ポリフェノールは、オリーブオイル(特にエクストラバージンオリーブオイル)に含まれる一種の生物活性化合物であり、オリーブオイルの多くの健康効果をもたらす要因となっています。これが、一部の消費者がポリフェノール含有量の高い(あるいはフェノール含有量の高い)エクストラバージンオリーブオイルを求める理由です。
ろ過に関しては、オリーブオイル生産者の間で明確な基準は存在しません。ろ過を行わない生産者もいれば、より澄んだ製品を得るために追加の手間をかける生産者もいます。
関連記事:オリーブオイルをろ過していない方は、こちらをお読みください。ろ過を行うと、オイルの風味や香りがよりクリアになります。また、ポリフェノールやその他の有益な化合物の含有量への影響は最小限であり、オイルの保存期間を延ばす効果もあります。

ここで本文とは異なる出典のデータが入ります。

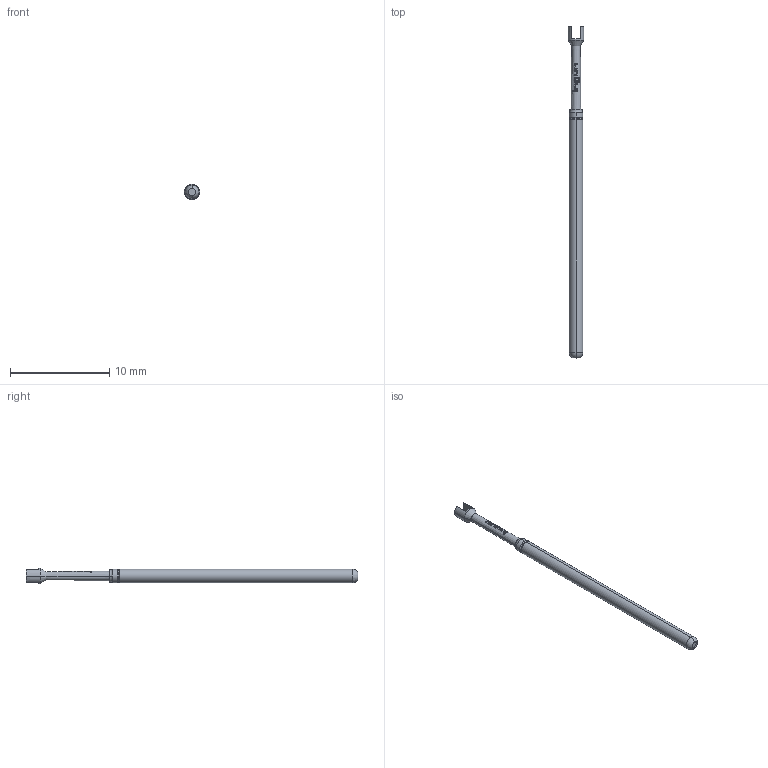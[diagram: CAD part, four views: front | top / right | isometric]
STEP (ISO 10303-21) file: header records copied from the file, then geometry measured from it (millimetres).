
FILE_DESCRIPTION (( 'STEP AP203' ), '1' );
FILE_NAME ('INGUN_GKS-100_340_157_A_xx00.STEP', '2021-10-29T08:57:52', ( 'ochi' ), ( '' ), 'SwSTEP 2.0', 'SolidWorks 2018', '' );
FILE_SCHEMA (( 'CONFIG_CONTROL_DESIGN' ));
Length unit declared in the file: millimetre
Products named in the file (1): INGUN_GKS-100_340_157_A_xx00
Bounding box: 1.57 x 33.4 x 1.57 mm (x, y, z)
Volume: 42.4 mm3; surface area: 139.9 mm2
Topology: 1 solids, 1 shells, 97 faces, 252 edges, 164 vertices
Faces by surface type: bspline 62, torus 10, cone 10, cylinder 8, plane 7
Entity records: 4077 total; most frequent: CARTESIAN_POINT 2136, ORIENTED_EDGE 504, EDGE_CURVE 252, B_SPLINE_CURVE_WITH_KNOTS 186, DIRECTION 184, VERTEX_POINT 164, EDGE_LOOP 104, ADVANCED_FACE 97
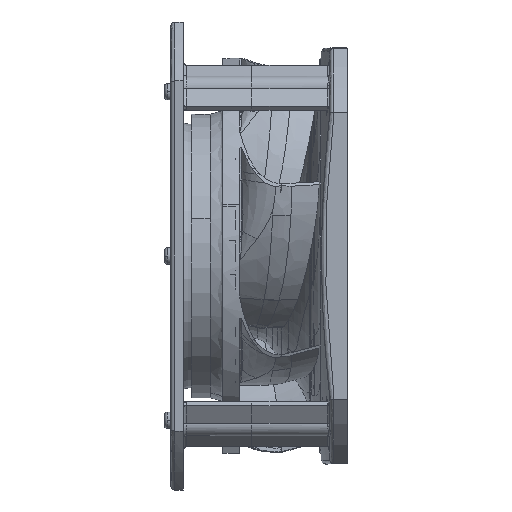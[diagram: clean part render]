
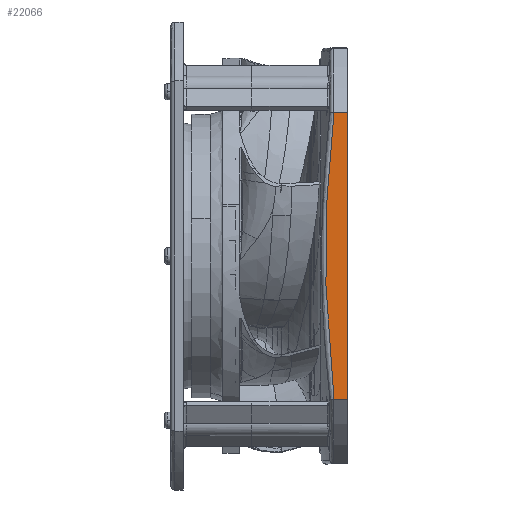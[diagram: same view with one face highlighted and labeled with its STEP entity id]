
A CAD part, left-side view. The second image highlights one B-rep face of the part: STEP entity #22066.
In plain terms, the highlighted planar face has unit normal (-1, 0, 0).
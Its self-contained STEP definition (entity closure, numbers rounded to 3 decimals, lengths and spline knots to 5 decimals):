
#186=DIRECTION('',(0.,0.,1.));
#187=VECTOR('',#186,0.13802);
#188=CARTESIAN_POINT('',(-0.1,0.,-0.06901));
#189=LINE('',#188,#187);
#3255=DIRECTION('',(0.,-1.,0.));
#3256=VECTOR('',#3255,0.00645);
#3257=CARTESIAN_POINT('',(-0.1,0.00645,
-0.06901));
#3258=LINE('',#3257,#3256);
#3277=CARTESIAN_POINT('',(-0.1,0.00645,
-0.06901));
#3278=CARTESIAN_POINT('',(-0.1,0.00769,
-0.05754));
#3279=CARTESIAN_POINT('',(-0.1,0.00924,
-0.04031));
#3280=CARTESIAN_POINT('',(-0.1,0.01036,
-0.01729));
#3281=CARTESIAN_POINT('',(-0.1,0.01065,
0.));
#3282=CARTESIAN_POINT('',(-0.1,0.01036,
0.01729));
#3283=CARTESIAN_POINT('',(-0.1,0.00924,
0.04031));
#3284=CARTESIAN_POINT('',(-0.1,0.00769,
0.05754));
#3285=CARTESIAN_POINT('',(-0.1,0.00646,
0.06901));
#3299=DIRECTION('',(0.,1.,0.));
#3300=VECTOR('',#3299,0.00646);
#3301=CARTESIAN_POINT('',(-0.1,0.,0.06901));
#3302=LINE('',#3301,#3300);
#15859=CARTESIAN_POINT('',(-0.1,0.,-0.06901));
#15860=VERTEX_POINT('',#15859);
#15861=CARTESIAN_POINT('',(-0.1,0.,0.06901));
#15862=VERTEX_POINT('',#15861);
#17211=CARTESIAN_POINT('',(-0.1,0.00645,
-0.06901));
#17212=VERTEX_POINT('',#17211);
#17215=VERTEX_POINT('',#3285);
#22053=CARTESIAN_POINT('',(-0.1,0.,-0.1));
#22054=DIRECTION('',(-1.,0.,0.));
#22055=DIRECTION('',(0.,0.,1.));
#22056=AXIS2_PLACEMENT_3D('',#22053,#22054,#22055);
#22057=PLANE('',#22056);
#22058=ORIENTED_EDGE('',*,*,#22040,.F.);
#22060=ORIENTED_EDGE('',*,*,#22059,.T.);
#22062=ORIENTED_EDGE('',*,*,#22061,.F.);
#22063=ORIENTED_EDGE('',*,*,#19643,.F.);
#22064=EDGE_LOOP('',(#22058,#22060,#22062,#22063));
#22065=FACE_OUTER_BOUND('',#22064,.F.);
#22066=ADVANCED_FACE('',(#22065),#22057,.T.);
#3286=B_SPLINE_CURVE_WITH_KNOTS('',3,(#3277,#3278,#3279,#3280,#3281,#3282,#3283,
#3284,#3285),.UNSPECIFIED.,.F.,.F.,(4,1,1,1,1,1,4),(0.,0.25,0.375,0.5,
0.625,0.75,1.),.UNSPECIFIED.);
#19643=EDGE_CURVE('',#15860,#15862,#189,.T.);
#22040=EDGE_CURVE('',#17212,#15860,#3258,.T.);
#22059=EDGE_CURVE('',#17212,#17215,#3286,.T.);
#22061=EDGE_CURVE('',#15862,#17215,#3302,.T.);
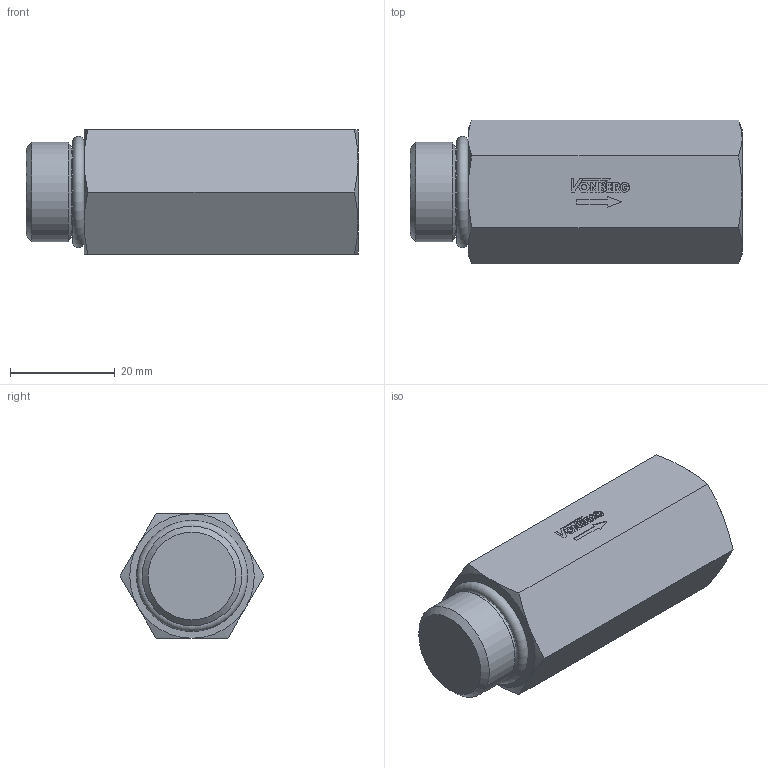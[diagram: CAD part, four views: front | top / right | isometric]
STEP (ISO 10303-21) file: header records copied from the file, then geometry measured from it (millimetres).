
FILE_DESCRIPTION((''),'2;1');
FILE_NAME('10312-808.stp','2015-01-02T14:54:35',('jml'),(''),'Autodesk Inventor 2010','Autodesk Inventor 2010','');
FILE_SCHEMA(('AUTOMOTIVE_DESIGN { 1 0 10303 214 1 1 1 1 }'));
Length unit declared in the file: inch
Products named in the file (3): 10312-808; 320030; 908 O-RING
Assembly tree (2 placements, depth 2):
  10312-808
    320030
    908 O-RING
Bounding box: 63.5 x 27.51 x 23.83 mm (x, y, z)
Volume: 23868 mm3; surface area: 7466.9 mm2
Topology: 2 solids, 2 shells, 130 faces, 319 edges, 207 vertices
Faces by surface type: plane 94, cylinder 18, cone 16, torus 2
Full cylindrical faces by diameter (mm): 1.044 x1, 16.815 x1, 17.323 x1, 19.05 x1
Entity records: 3818 total; most frequent: CARTESIAN_POINT 698, ORIENTED_EDGE 618, DIRECTION 610, EDGE_CURVE 309, VECTOR 230, LINE 230, VERTEX_POINT 206, AXIS2_PLACEMENT_3D 190

アテネに拠点を置く瓶詰め・輸出会社「Olico Brokers」の輸出マネージャー、エレフテリア・カスフィキ氏は、ろ過は不可欠であり、エクストラバージンオリーブオイルとそのすべての品質を保つと述べています。
カスフィキ氏は、ろ過を行わなければオリーブオイルが官能的特性を維持するという見解には同意していません。なぜなら、ボトルの底には、オリーブの果肉粒子、水分、およびマーガリン(ボトル内でのオリーブオイル発酵中に生成される副産物)からなる沈殿物が徐々に形成され、風味を変化させ、オイルの保存期間を短縮してしまうからです。
さらに彼女は、特にエクストラバージンオリーブオイルの製造において、ろ過は効果的な実施のために設備や専門知識への投資を必要とする、手間のかかる工程であると付け加えた。

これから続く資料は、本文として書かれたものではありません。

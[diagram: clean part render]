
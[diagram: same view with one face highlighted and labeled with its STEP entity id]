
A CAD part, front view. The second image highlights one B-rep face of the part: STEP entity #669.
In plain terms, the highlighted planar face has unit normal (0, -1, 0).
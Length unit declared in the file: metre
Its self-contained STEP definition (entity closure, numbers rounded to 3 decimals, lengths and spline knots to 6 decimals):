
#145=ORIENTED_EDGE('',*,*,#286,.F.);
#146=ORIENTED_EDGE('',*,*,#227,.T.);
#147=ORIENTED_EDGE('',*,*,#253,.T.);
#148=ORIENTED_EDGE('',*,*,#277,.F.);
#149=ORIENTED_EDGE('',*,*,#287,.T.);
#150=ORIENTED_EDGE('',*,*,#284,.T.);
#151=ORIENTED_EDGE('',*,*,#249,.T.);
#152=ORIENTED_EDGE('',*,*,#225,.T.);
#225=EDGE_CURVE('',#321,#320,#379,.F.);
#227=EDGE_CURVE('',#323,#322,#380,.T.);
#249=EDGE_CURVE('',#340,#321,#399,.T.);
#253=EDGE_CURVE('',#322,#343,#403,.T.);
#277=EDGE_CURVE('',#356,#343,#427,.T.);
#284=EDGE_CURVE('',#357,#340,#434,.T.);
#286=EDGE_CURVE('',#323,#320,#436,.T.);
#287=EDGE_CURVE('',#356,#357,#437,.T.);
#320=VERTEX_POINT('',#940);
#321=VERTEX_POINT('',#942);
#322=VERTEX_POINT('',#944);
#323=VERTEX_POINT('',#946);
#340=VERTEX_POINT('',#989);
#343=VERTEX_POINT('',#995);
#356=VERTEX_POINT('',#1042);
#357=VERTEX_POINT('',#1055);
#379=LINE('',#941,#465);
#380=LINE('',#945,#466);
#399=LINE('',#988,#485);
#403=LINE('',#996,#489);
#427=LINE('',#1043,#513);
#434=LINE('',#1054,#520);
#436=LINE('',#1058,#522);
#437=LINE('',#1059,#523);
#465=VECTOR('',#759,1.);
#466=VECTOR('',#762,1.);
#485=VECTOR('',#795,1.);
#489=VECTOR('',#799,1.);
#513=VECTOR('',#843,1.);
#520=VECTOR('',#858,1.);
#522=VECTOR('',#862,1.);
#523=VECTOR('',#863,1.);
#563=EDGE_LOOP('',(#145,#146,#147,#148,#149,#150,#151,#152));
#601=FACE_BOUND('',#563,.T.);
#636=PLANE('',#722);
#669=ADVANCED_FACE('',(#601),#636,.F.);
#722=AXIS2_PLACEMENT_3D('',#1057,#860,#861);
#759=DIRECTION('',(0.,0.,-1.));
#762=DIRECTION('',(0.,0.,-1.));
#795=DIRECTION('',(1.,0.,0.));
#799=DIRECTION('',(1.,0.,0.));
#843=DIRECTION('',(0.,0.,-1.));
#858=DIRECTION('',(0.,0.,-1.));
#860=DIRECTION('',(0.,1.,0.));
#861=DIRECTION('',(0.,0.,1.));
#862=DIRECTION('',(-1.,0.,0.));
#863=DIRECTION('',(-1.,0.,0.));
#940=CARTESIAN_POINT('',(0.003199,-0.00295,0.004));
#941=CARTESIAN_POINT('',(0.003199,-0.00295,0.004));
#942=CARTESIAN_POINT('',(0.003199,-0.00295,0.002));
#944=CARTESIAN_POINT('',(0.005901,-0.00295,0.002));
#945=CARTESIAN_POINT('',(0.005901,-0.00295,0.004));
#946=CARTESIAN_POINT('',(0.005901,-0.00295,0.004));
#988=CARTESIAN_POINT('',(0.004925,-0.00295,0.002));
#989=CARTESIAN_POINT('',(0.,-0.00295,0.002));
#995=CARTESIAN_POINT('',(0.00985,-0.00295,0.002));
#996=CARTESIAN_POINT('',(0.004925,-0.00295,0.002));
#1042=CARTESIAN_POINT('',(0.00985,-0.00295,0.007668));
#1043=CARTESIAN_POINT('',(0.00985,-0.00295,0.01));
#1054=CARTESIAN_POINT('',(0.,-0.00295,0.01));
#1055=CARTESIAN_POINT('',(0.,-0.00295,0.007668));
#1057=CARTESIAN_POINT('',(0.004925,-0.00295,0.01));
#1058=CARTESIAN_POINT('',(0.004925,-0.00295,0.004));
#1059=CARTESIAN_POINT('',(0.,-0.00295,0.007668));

「オリーブオイルのろ過は、水分やオイルに残留する不純物を取り除き、透明にしてすぐに食べられる状態にするものです」とカスフィキ氏は語る。「ろ過を行わないのは、シーズンごとに約3ヶ月という短期間しか消費者に提供されない、早摘みのエクストラバージンオリーブオイル(オリオ・ノヴェッロ)の場合に限られます。」
イタリア人シェフでありオリーブオイル愛好家でもあるマティア・バルチュッリ氏によると、一部の消費者が未濾過のオリーブオイルを好むのは、過去の名残であるという。

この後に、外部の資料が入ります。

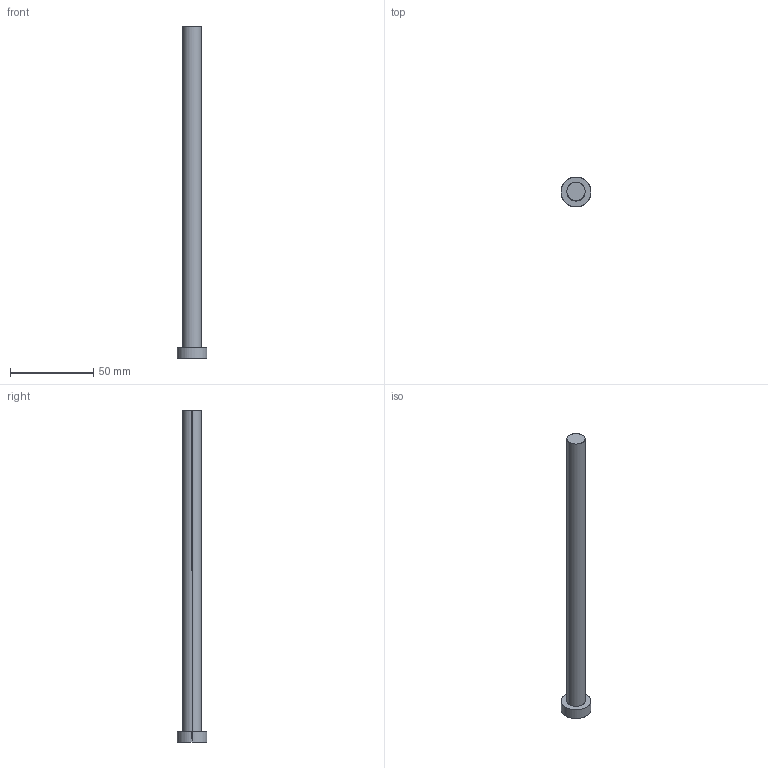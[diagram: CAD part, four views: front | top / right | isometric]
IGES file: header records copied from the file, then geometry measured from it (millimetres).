
Start section: SolidWorks IGES file using analytic representation for surfaces
Global section: file name: 5fd9.IGS; native system: SolidWorks 2019; preprocessor: SolidWorks 2019; author: Model3D; date: 230213.132011; units: millimetre
Bounding box: 18 x 18 x 200 mm (x, y, z)
Surface area: 7563.4 mm2 (no closed solid volume)
Topology: 0 solids, 0 shells, 7 faces, 144 edges, 144 vertices
Faces by surface type: revolution 4, bspline 3

「それは、製造工程のすべてが極めて手作業に依存していた時代を思い起こさせるものです。当時は、表面分離によるろ過しか行えず、その過程で発酵が促進されていたのです」と彼は語った。

ろ過されたオリーブオイル
「現代において、オリーブオイルのろ過について議論すべきではない」とバルチュッリ氏は付け加えた。「長期保存を目的とする食品は、可能な限り清浄で、ろ過され、ステンレス製の容器に保管されなければならないというのは、容易に理解できることだ。」
「スーパーマーケットに行くと、底に1センチほどの茶色い沈殿物が入った、あのひどい透明のオリーブオイルのボトルをじっと見ている人々をよく見かけます」と彼は続けた。「私は彼らに、そのボトルの中身は、不要な風味が閉じ込められた、酸化したオイルだと説明しています。」
大まかに言えば、ろ過されたオリーブオイルは、その透明感から、ろ過されていないオイルよりも消費者に好まれています。
また、ろ過されたオリーブオイルは保存期間が長いという利点もある。ろ過されていないオリーブオイルは熱や光の影響を受けやすいため、ろ過されたエクストラバージンオリーブオイルよりも早く消費する必要がある。
ろ過されていないオリーブオイルは、搾りたてのものをすぐに、あるいは数ヶ月以内に消費したいと考える、昔ながらの味わいを求める買い物客に好まれることが多い。
ろ過済みと未ろ過のオリーブオイルの栄養成分(ポリフェノールなど)の違いはごくわずかです。結局のところ、オリーブオイルのポリフェノール含有量は、ろ過工程よりも、オリーブの品種や産地、そして搾油所での適切な加工プロセスに大きく左右されるからです。
いずれにせよ、ろ過されたエクストラバージンオリーブオイルと未ろ過のエクストラバージンオリーブオイルのどちらを選ぶかは、味や個人の好みの問題です。
オリーブオイルのろ過が適切かつ適時に行われれば、生産者にとっても消費者にとっても、その成果は大きな満足をもたらすものです。